EXERCISE DIRECTIONS
The answer must reproduce all of the data below exactly and contain no images.

Collection entries
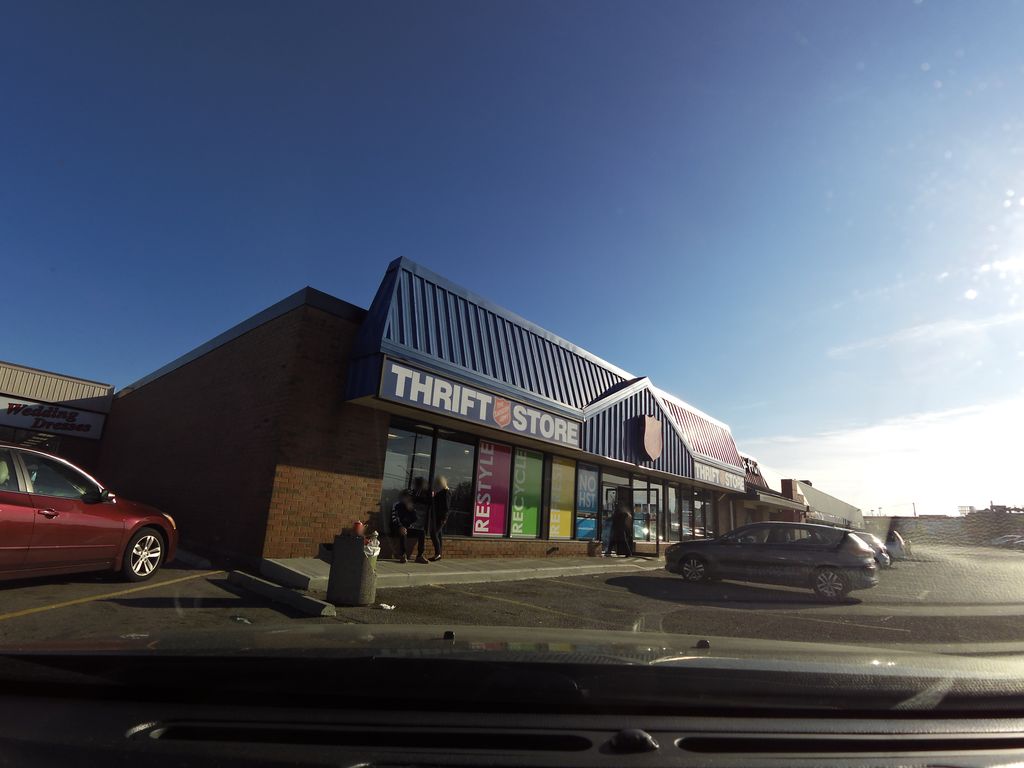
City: hamilton
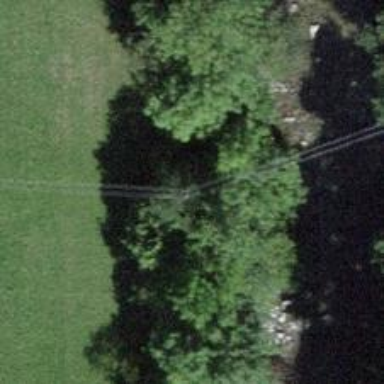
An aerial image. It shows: Minor power line.
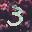
Label: 3
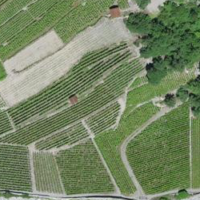
EUNIS habitat code: 40
Species observed at this site:
Coccinella septempunctata
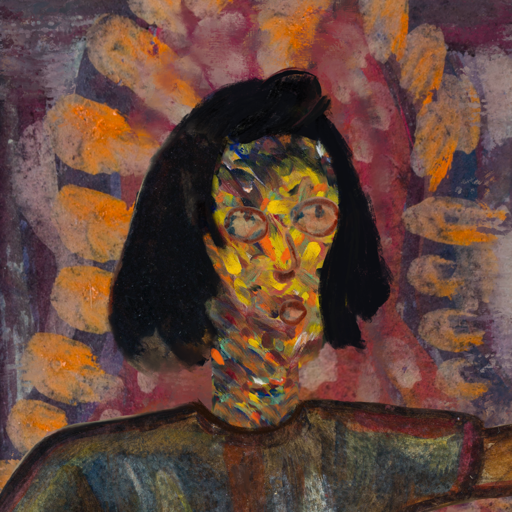
Background: Doll, Head And Neck Side: An_Impression, Face Side: Orphan, Bust: Mosgoul, Hair Side: Mosgoul, Head Accessory: Blank, Second Necklace: Blank, Necklace: Blank, Baby: Blank
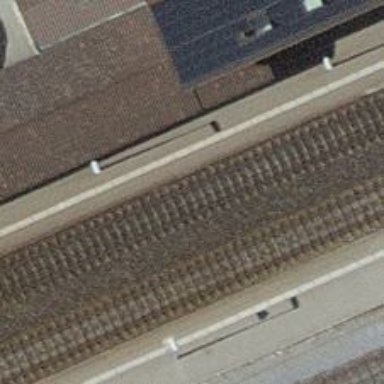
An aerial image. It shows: Railway stop with public transport stop position.
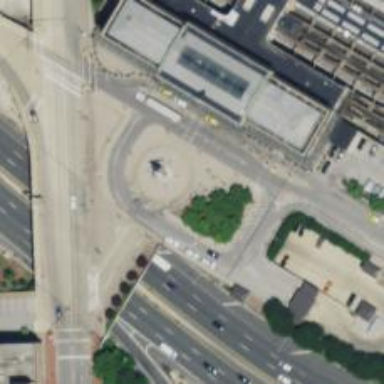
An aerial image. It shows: Footway that serves as traffic island.
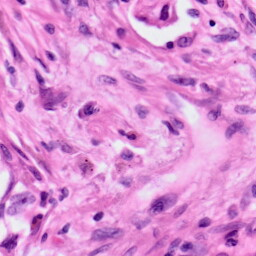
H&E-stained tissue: Lung
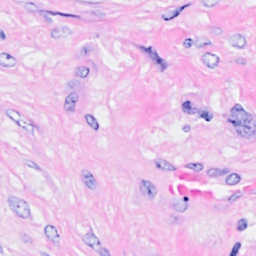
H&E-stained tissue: Breast
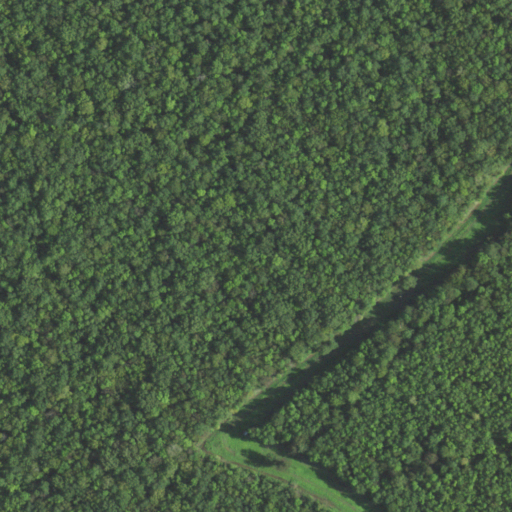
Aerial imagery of plain(s) in Louisiana named Wolf Prairie containing woody wetlands and open development
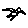
Label: bird
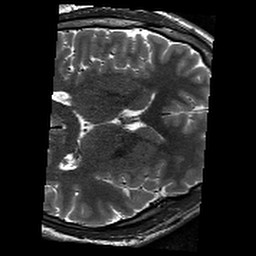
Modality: T2w
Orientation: axial
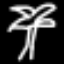
Label: palm tree
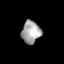
Tissue: lung
Cell type: Epithelial cells
Senescence score: 0.1844
Nuclear area (px): 420
Mean DAPI intensity: 164.36
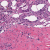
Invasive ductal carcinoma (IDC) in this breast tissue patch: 0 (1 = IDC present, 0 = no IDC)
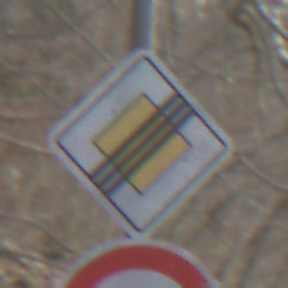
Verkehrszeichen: EndeVorfahrtsstrasse
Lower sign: Geschwindigkeit50
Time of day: MorningAfternoon
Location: Outdoor (Nature)
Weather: PartlyCloudy
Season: NotSpecified
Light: Natural
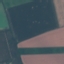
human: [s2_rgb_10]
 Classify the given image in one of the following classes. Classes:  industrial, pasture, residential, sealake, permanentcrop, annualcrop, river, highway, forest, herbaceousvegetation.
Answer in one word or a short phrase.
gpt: AnnualCrop
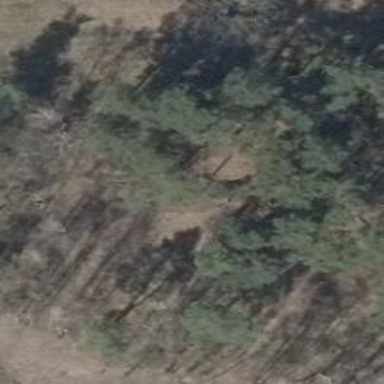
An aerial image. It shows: Forest area.
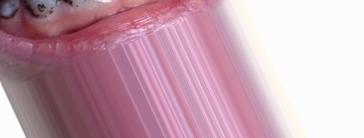
Condition: Tooth Discoloration
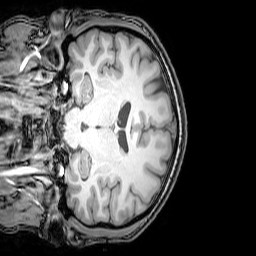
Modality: T1w
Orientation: coronal
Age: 25
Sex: male
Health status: healthy
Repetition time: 0.081 s
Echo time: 0.037 s

OUTPUT BELOW
City: hamilton
An aerial image. It shows: Minor power line.
Label: 3
EUNIS habitat code: 40
Species observed at this site:
Coccinella septempunctata
Background: Doll, Head And Neck Side: An_Impression, Face Side: Orphan, Bust: Mosgoul, Hair Side: Mosgoul, Head Accessory: Blank, Second Necklace: Blank, Necklace: Blank, Baby: Blank
An aerial image. It shows: Railway stop with public transport stop position.
An aerial image. It shows: Footway that serves as traffic island.
H&E-stained tissue: Lung
H&E-stained tissue: Breast
Aerial imagery of plain(s) in Louisiana named Wolf Prairie containing woody wetlands and open development
Label: bird
Modality: T2w
Orientation: axial
Label: palm tree
Tissue: lung
Cell type: Epithelial cells
Senescence score: 0.1844
Nuclear area (px): 420
Mean DAPI intensity: 164.36
Invasive ductal carcinoma (IDC) in this breast tissue patch: 0 (1 = IDC present, 0 = no IDC)
Verkehrszeichen: EndeVorfahrtsstrasse
Lower sign: Geschwindigkeit50
Time of day: MorningAfternoon
Location: Outdoor (Nature)
Weather: PartlyCloudy
Season: NotSpecified
Light: Natural
human: [s2_rgb_10]
 Classify the given image in one of the following classes. Classes:  industrial, pasture, residential, sealake, permanentcrop, annualcrop, river, highway, forest, herbaceousvegetation.
Answer in one word or a short phrase.
gpt: AnnualCrop
An aerial image. It shows: Forest area.
Condition: Tooth Discoloration
Modality: T1w
Orientation: coronal
Age: 25
Sex: male
Health status: healthy
Repetition time: 0.081 s
Echo time: 0.037 s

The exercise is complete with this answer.